Recognising that the nine nuclear-armed States have in common the fact that each possesses nuclear weapons, they differ in fundamental ways. Tailoring the verification system to each nuclear-armed State will be necessary. Rather than nine separate approaches, however, forming two groupings of three each should be pursued. The first should include Russia, the United States and China; the second should include China, India and Pakistan. The remaining nuclear-armed States – France, Israel, North Korea and the United Kingdom – should be addressed separately, as these four do not hold sway over the others, and hence tying their progress to that of others would inevitably involve added complications and extended delays.

Special honors and distinctions should be afforded to whichever nuclear-armed State is first to come on board. As an American, an Irishman, and an optimist, I hope that Joe Biden will be sworn in as the next President of the United States on January 20, 2021, and that included in his list of top priority actions will be a full review of U.S. non-proliferation and disarmament-related policies in preparation for the NPT Review Conference, which was postponed from 2020 due to the Covid pandemic. Or Russia, perhaps.

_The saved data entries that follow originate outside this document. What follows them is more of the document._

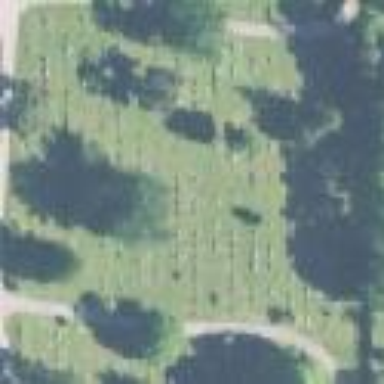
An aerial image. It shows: Cemetery.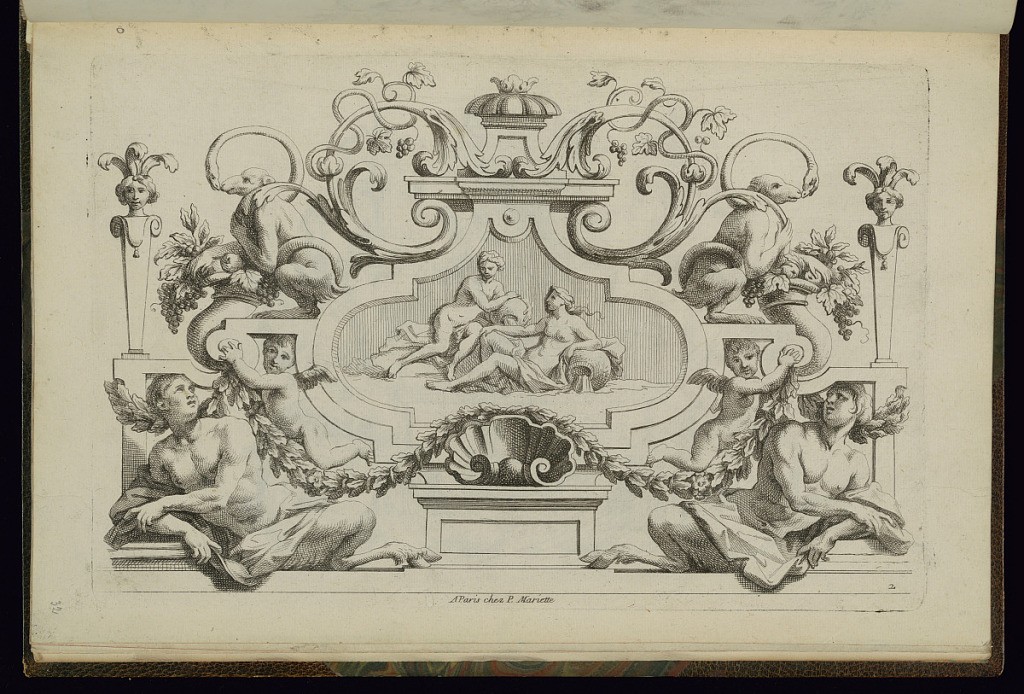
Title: Ornament Panel Design
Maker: Nicolas Pierre Loir, French, 1624 - 1679
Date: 1660–1716
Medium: Engraving and etching on paper
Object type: Print
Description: Ornament panel design with a central cartouche of two naked women seated with jugs of water spilling over, framed by foliate scrolls, festoons of leaves, female portrait busts on pedestals, monkeys, snakes, grape vines, fruit, putti, and fauns/satyrs (men with goat legs). The plate is numbered.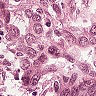
Metastatic tissue present: yes

I believe that each nuclear-armed State should take steps when it is convinced that its national security will not be imperiled and that its actions will serve to encourage similar actions by its nuclear adversaries – and by all nuclear-armed States.

To quote former U.S. Senator Sam Nunn, “To me, you have to ask, what is more naïve, a world without nuclear weapons or moving in that direction, step-by-step, with the ultimate goal of giving people hope, giving them a vision, and a chance to work together toward that long-range goal? What’s naïve? Is that naïve? Or should we believe that we can stay mounted on the tail of this nuclear tiger with eight other countries joining us, and avoid absolute catastrophe? History will tell us.”

Thomas E. Shea, PhD, is currently an Adjunct Senior Fellow at the Federation of American Scientists. Shea served in the Safeguards Department at the IAEA for 24 years, and headed IAEA efforts under the six-year Trilateral Initiative, which explored the feasibility of IAEA verification of classified forms of fissile material released from Russian and American nuclear weapon programmes.